Kommentar zur Nazidemo: Auch Nazi-Demos gehören zum Spiel
Wollen wir ernsthaft eine Einschränkung des Demonstrationsrechts fordern, wie es gerade in Baden-Württemberg diskutiert wird? Natürlich könnte man rechte Meinungsäußerungen so von der Straße drängen. Allerdings auch alle anderen.
Am Ende haben sie es doch geschafft. Die Blockaden der Linken waren so effektiv, dass die Polizei den Nazi-Aufmarsch abkürzen musste - und die Route nicht wie geplant durch den Weitlingkiez führte.
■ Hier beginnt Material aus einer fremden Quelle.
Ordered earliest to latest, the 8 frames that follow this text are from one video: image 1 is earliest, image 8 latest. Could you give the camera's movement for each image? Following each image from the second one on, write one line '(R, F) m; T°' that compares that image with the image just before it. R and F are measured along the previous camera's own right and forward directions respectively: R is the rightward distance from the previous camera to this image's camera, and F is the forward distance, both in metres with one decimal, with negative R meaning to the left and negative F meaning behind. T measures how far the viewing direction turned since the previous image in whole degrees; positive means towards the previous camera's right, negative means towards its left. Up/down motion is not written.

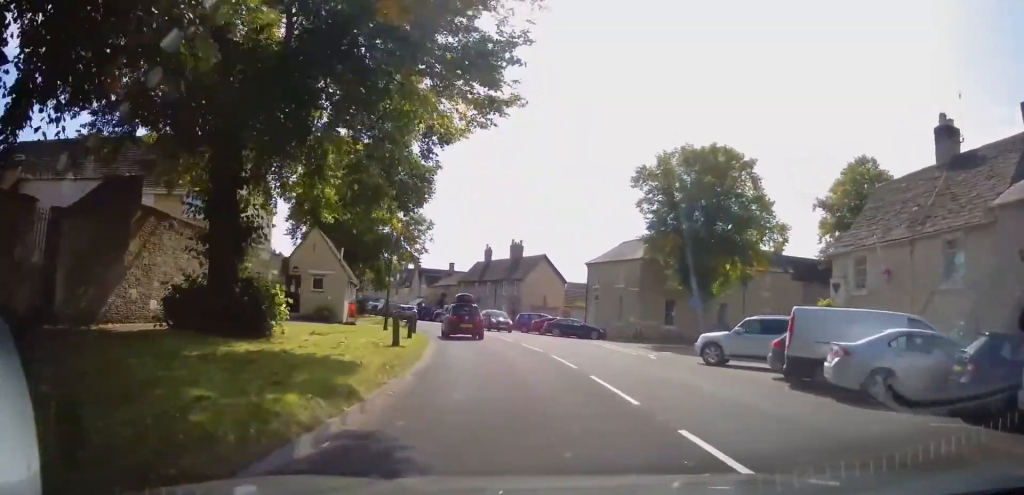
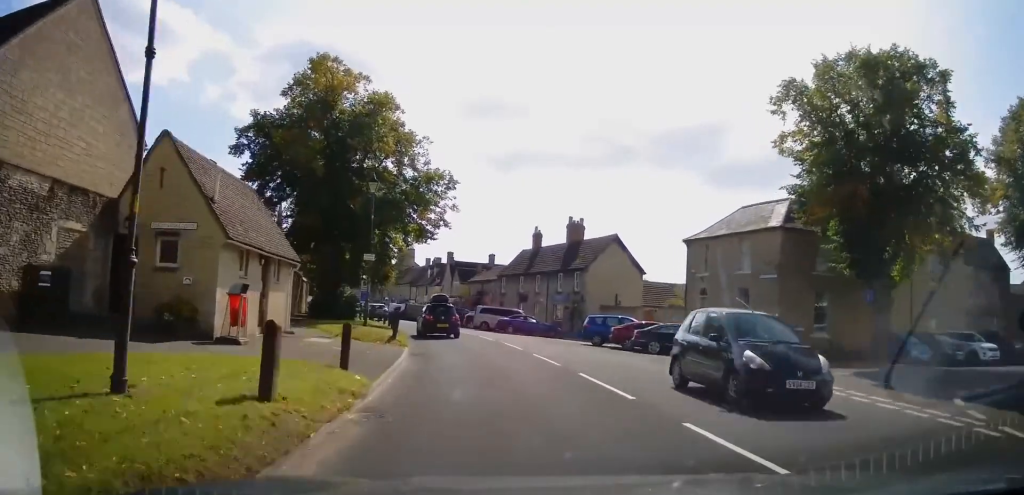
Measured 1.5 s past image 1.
(-0.8, +17.5) m; -5°
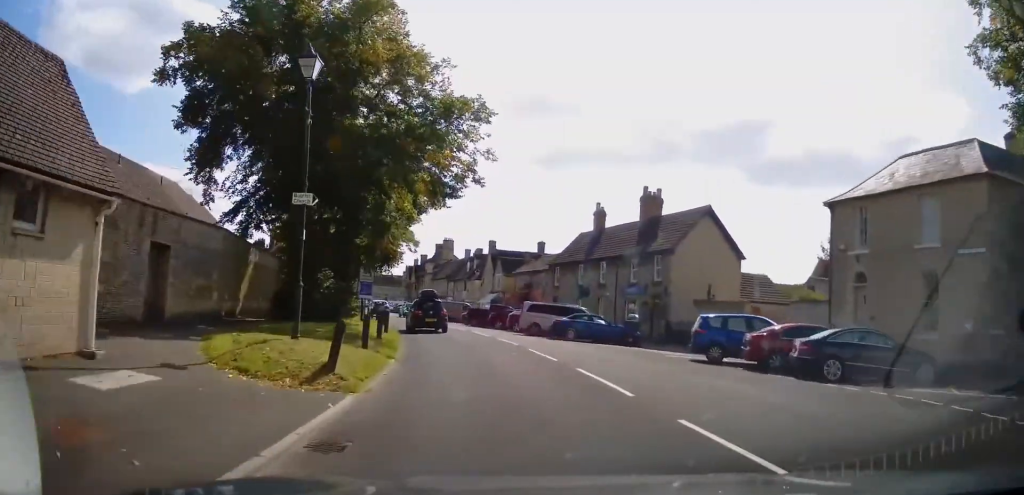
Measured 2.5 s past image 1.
(-0.4, +11.9) m; -3°
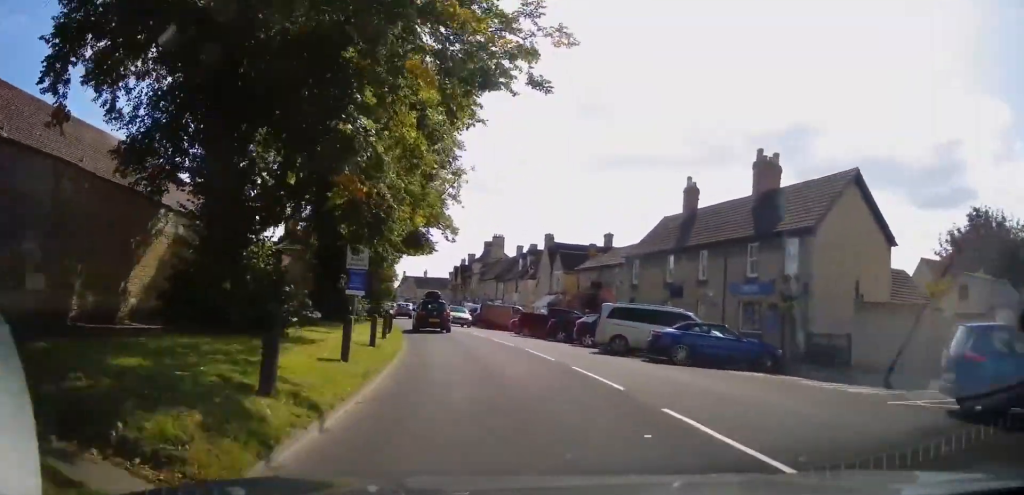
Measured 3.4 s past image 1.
(-0.3, +10.9) m; -4°
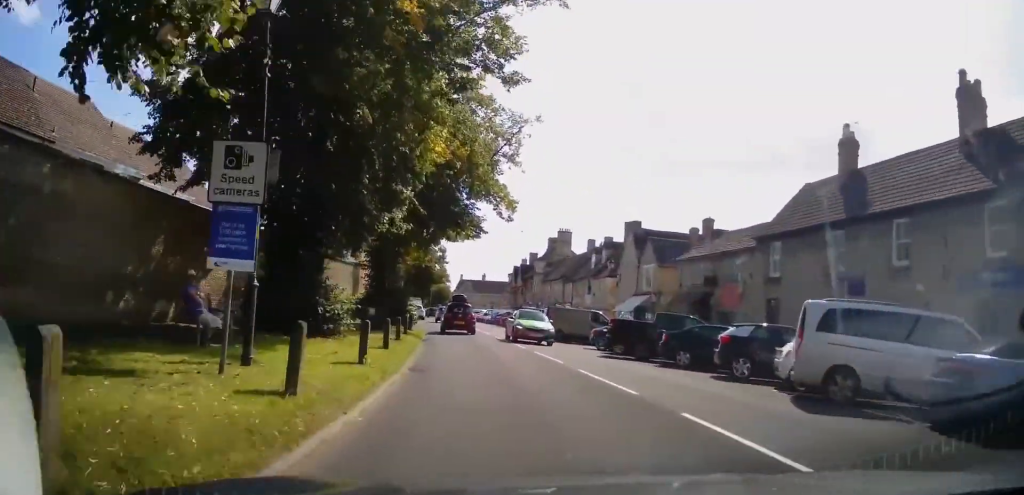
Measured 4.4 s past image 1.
(-0.5, +12.2) m; -5°
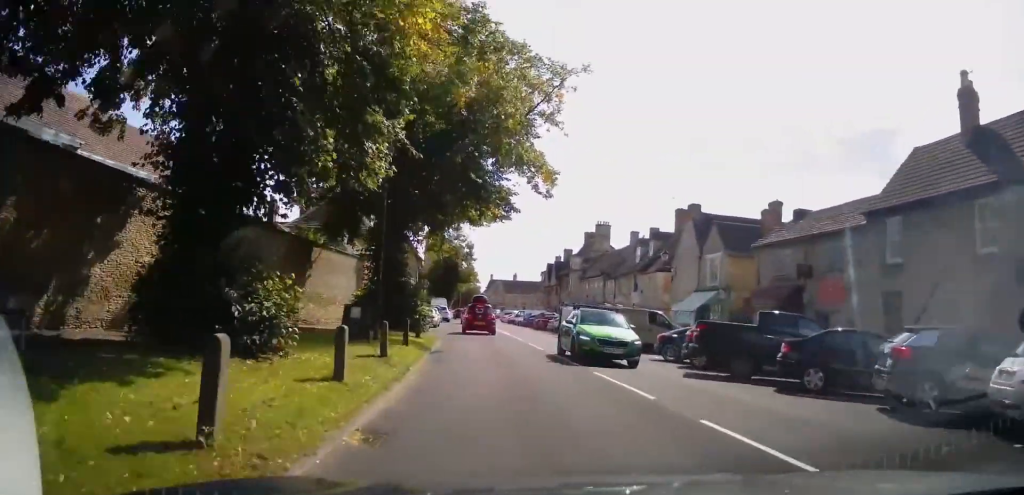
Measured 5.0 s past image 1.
(-0.1, +6.6) m; -3°
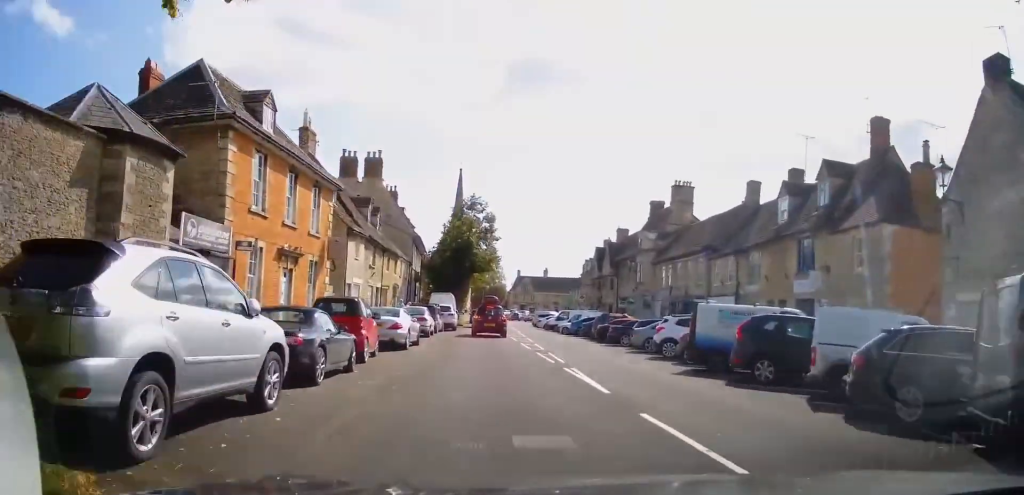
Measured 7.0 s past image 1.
(-1.2, +23.3) m; -5°
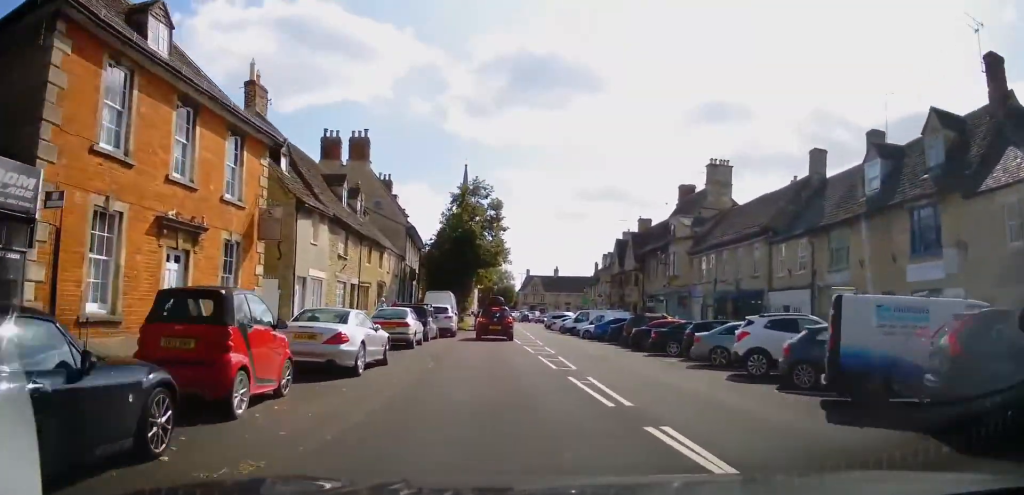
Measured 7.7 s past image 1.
(-0.1, +7.6) m; -1°

Trotzdem waren viele linke Demonstranten sauer auf die Polizei, weil diese die Nazis rigoros von ihren Gegnern abschirmte. Viele waren auch empört, dass eine Nazidemo überhaupt stattfinden darf - während die Gegendemo per Gerichtsbeschluss verboten wurde. Das sei ja keine Demokratie, meinte eine Demonstrantin. Doch, genau so ist Demokratie. Ein Spiel mit verteilten Rollen.
Denn wie soll es anders gehen: Wollen wir ernsthaft eine Einschränkung des Demonstrationsrechts fordern, wie es gerade in Baden-Württemberg diskutiert wird? Natürlich könnte man rechte Meinungsäußerungen so von der Straße drängen. Allerdings auch alle anderen.
Wenn Nazis aber ein Demonstrationsrecht haben wie jedermann, muss die Polizei das auch durchsetzen. Das ist ihre Rolle - ebenso dafür zu sorgen, dass niemand zu schaden kommt, wenn Gegner der Nazis wiederum ihr Demonstrationsrecht in Anspruch nehmen. Dazu kann auch gehören, dass eine Demo verlegt wird. Das ist kein Drama.
Denn für das demokratische Spiel ist es nicht unabdingbar, dass Nazis die "Nazi raus"-Rufe ihrer Gegner hören. Die Proteste gegen Nazis richten sich ja an die Öffentlichkeit. Sie sind ein Signal: Seht her, wir sind bunt und wir sind viele. Das ist die Rolle der Zivilgesellschaft.
Zu dieser Rolle gehört auch die Idee, den Nazis keinen Millimeter Raum zu überlassen und ihre Demos zu blockieren. Und so schön es ist, wenn dies gelingt: Das Problem ist nicht, dass Nazis marschieren. Das Problem ist, dass es sie überhaupt gibt.